From chocolate cake to hand-pulled noodles, here’s a rundown of my dining diary’s recent entries. What were your top eats of the week? Share the details in the comments section.

Breakfast sandwich at Hot Hands

Let’s just say that owner Tara Coleman knows how to bake a biscuit. Golden brown, crispy-on-the-outside and tender-and-flaky on the inside, they’re ideal vehicles for all kinds of a.m. mayhem ($9.95 to $10.95). At her cheery, just-opened bakery/cafe, Coleman splits and toasts them to use them as a foundation for a few variations: smothering them in a pepper-laced sausage gravy, or piling on sliced avocado, fried shallots and crunchy onions. Consider starting with a hearty disk of pork sausage, a slab of gooey American cheese and a runny-yolk-ed fried egg; this is a kitchen well-skilled in the intricacies of the Fried Egg Arts.

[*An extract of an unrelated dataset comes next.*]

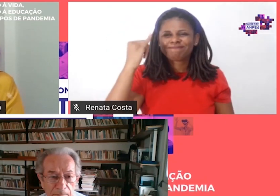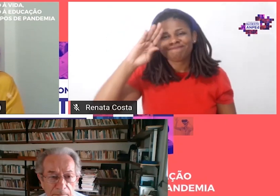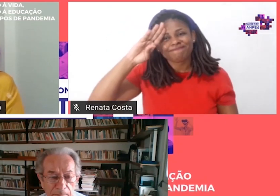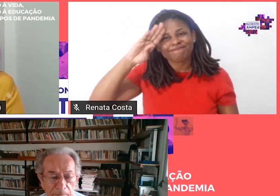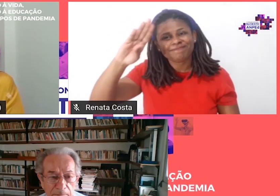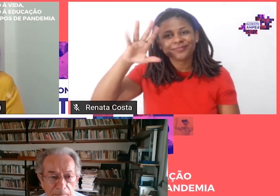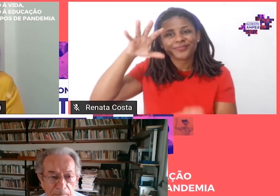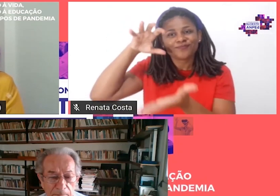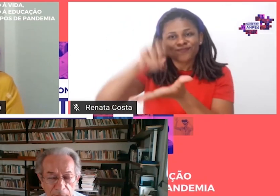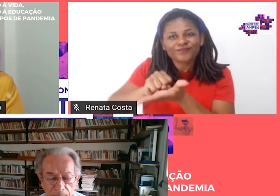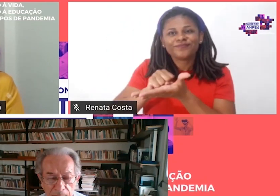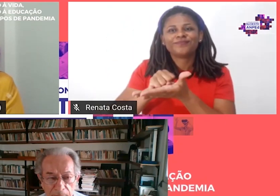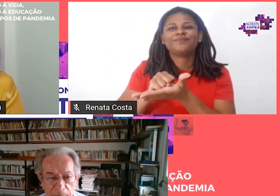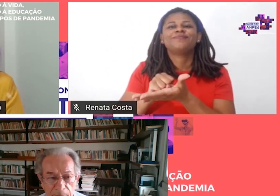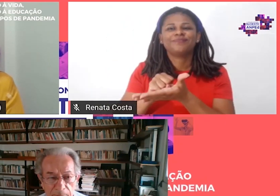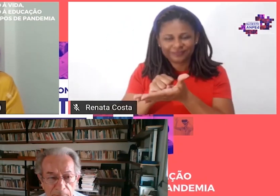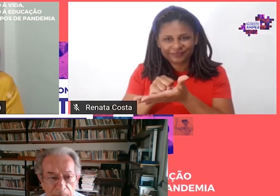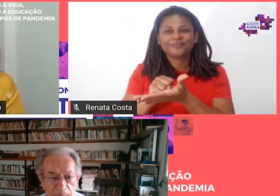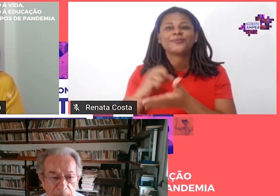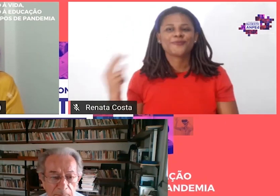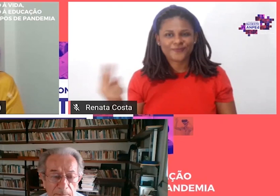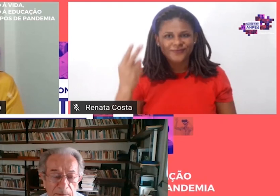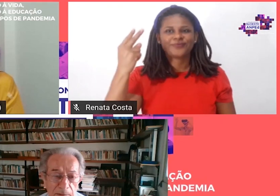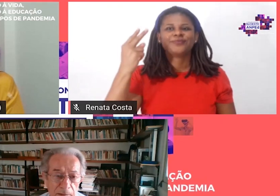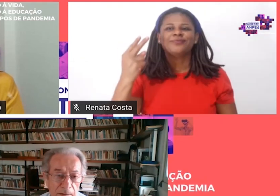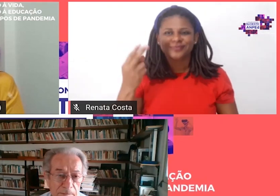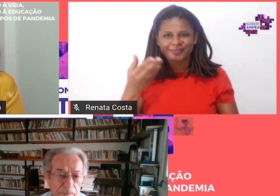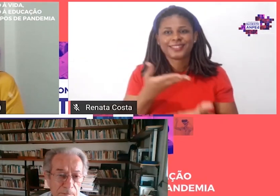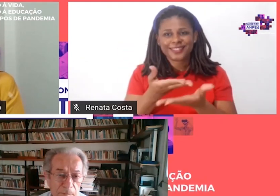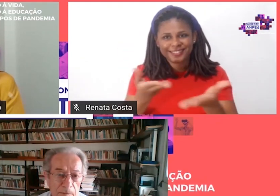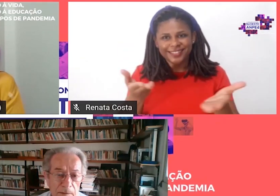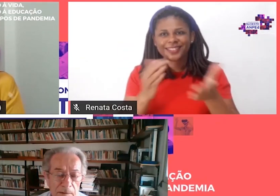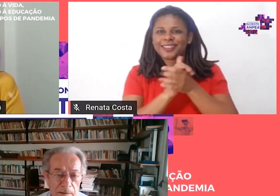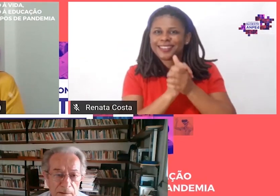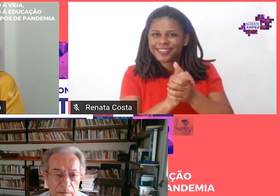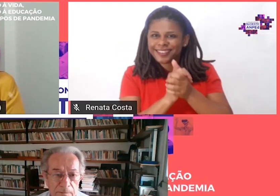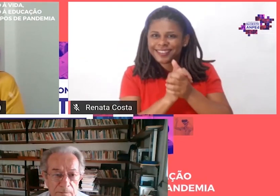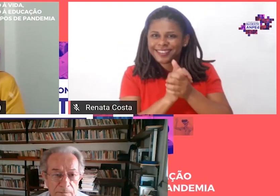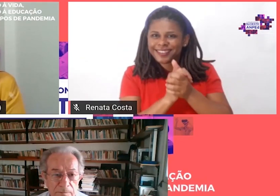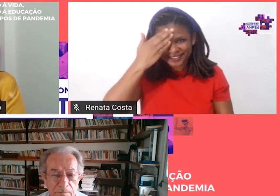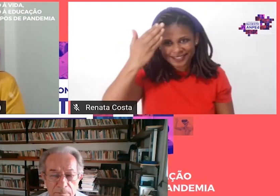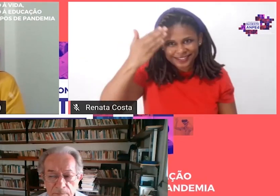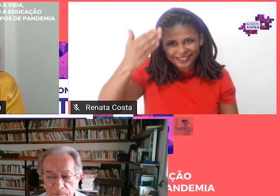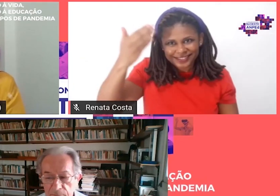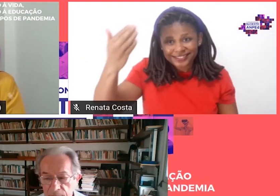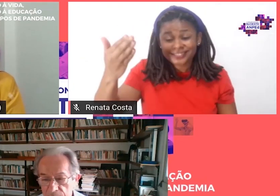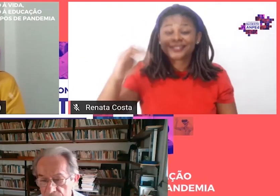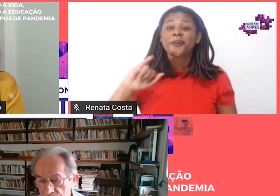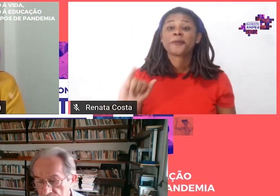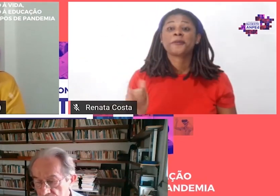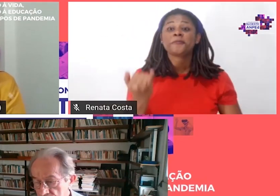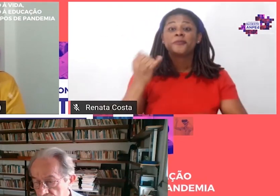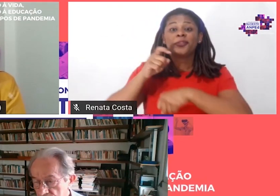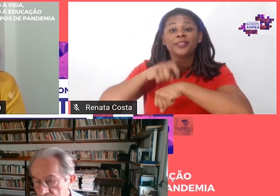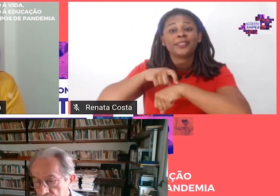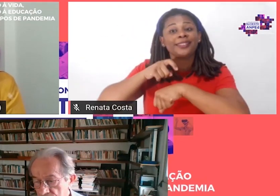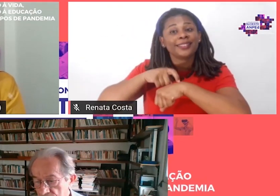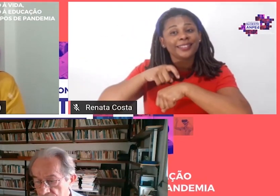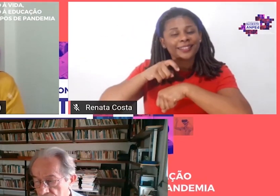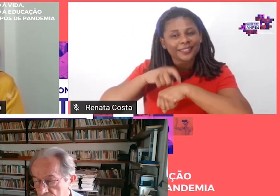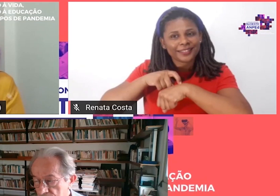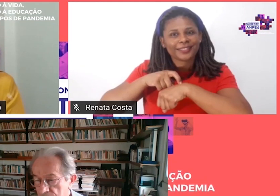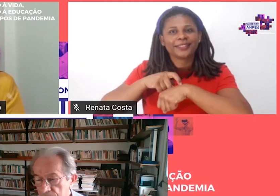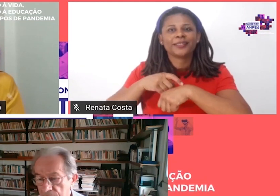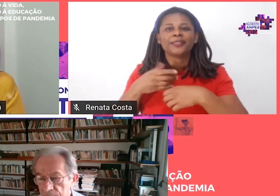importante também dessa homenagem, né? Mas a gente está abusando do tempo aí com o povo, o povo está nos

By the way, along with the gorgeous apple turnovers and cinnamon rolls (served warm, buried under a swipe of thick, not-too-sweet icing), the so-called “Nutter Betters” – thin peanut butter wafers sandwiched around a creamy, peanut butter-laced filling – are not to be missed. Don’t take my word for it. Listen to my friend Scott, a baker so talented that he won the 2010 edition of the Star Tribune’s Holiday Cookie Contest. “These cookies restore my faith in baking,” he said. Now that’s an endorsement. 272 Snelling Av. S., St. Paul, 651-300-1503

Chocolate Lux cake at Black Walnut Bakery

The wait is over: Black Walnut Bakery quietly opened this week, hurrah. Those who have followed baker Sarah Botcher’s first-rate ability to fill the counters at Spyhouse Coffee with all kinds of beautiful laminated dough specialties – croissants, Kouign Amann, pain Suisse, Danish – will be delighted to learn that she’s placing those beautifully crafted goodies front and center in her sunlight-soaked storefront (and you can watch those doughs being made in a showy, state-of-the-art workspace next to the front door), but she’s not stopping there. Of particular note are five artfully composed cakes, sold whole and by the slice ($6 per slice, $35 for a 6-inch whole cake, $65 for a 9-inch whole cake). Predictably, this chocolate hound’s appetite went directly to a rectangular beauty that Botcher has christened “Chocolate Lux,” and the name is more than suitable. It’s a decadent exercise in chocolate on chocolate on chocolate: four layers of delicate sponge cake held together with a rich crémeux (imagine the world’s dreamiest, most intensely chocolaty pudding) and topped with a thick whipped cream. A hint of buttery caramel acts as a palate cleanser. In a word, wow. I can’t wait to return and test-drive the flurry of pineapple, coconut, caramel and meringue, and the colorful knockout that’s all about cassis and vanilla. But first, I’ll need to spend a month at the gym, working off that Lux. 3157 Hennepin Av. S., Mpls.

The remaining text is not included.